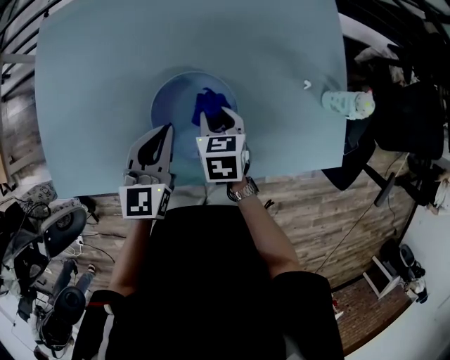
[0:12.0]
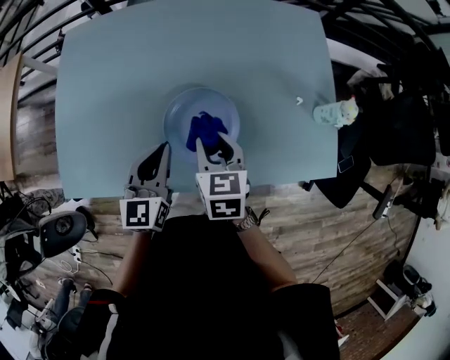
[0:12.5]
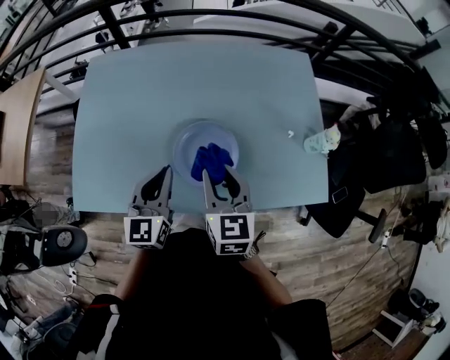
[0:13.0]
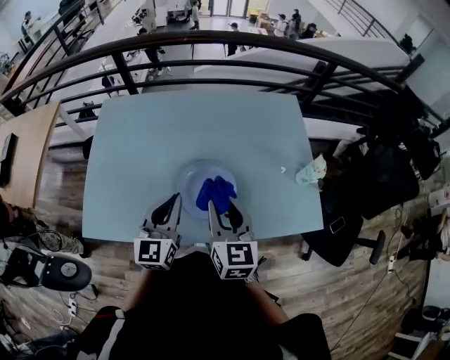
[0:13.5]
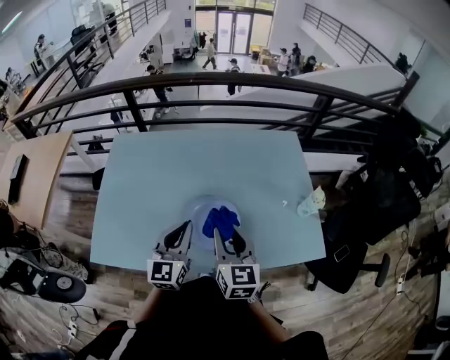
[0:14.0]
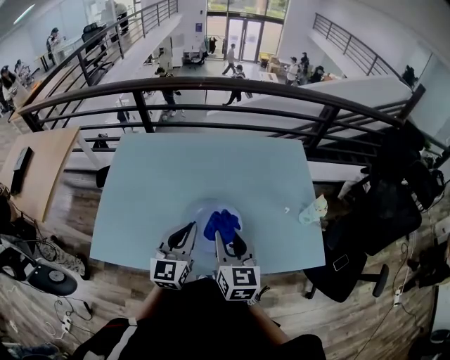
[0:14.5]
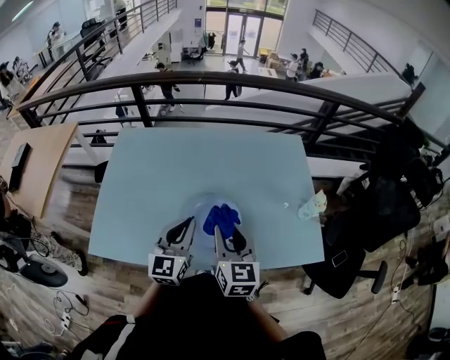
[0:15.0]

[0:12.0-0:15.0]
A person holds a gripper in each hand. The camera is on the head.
0:12.0 to 0:13.5: The right gripper travels upward and backward by about 30 cm, and angles its fingers upward, by some 40 degrees, while the left gripper travels upward and backward by approximately 20 cm.
0:13.5 to 0:15.0: There are only small adjustments of the grippers.

——————————

> _What you need to do_: Please copy out the whole listing exactly, minus its pictures.

> _Your solution_:
[0:12.0]
[0:12.5]
[0:13.0]
[0:13.5]
[0:14.0]
[0:14.5]
[0:15.0]

[0:12.0-0:15.0]
A person holds a gripper in each hand. The camera is on the head.
0:12.0 to 0:13.5: The right gripper travels upward and backward by about 30 cm, and angles its fingers upward, by some 40 degrees, while the left gripper travels upward and backward by approximately 20 cm.
0:13.5 to 0:15.0: There are only small adjustments of the grippers.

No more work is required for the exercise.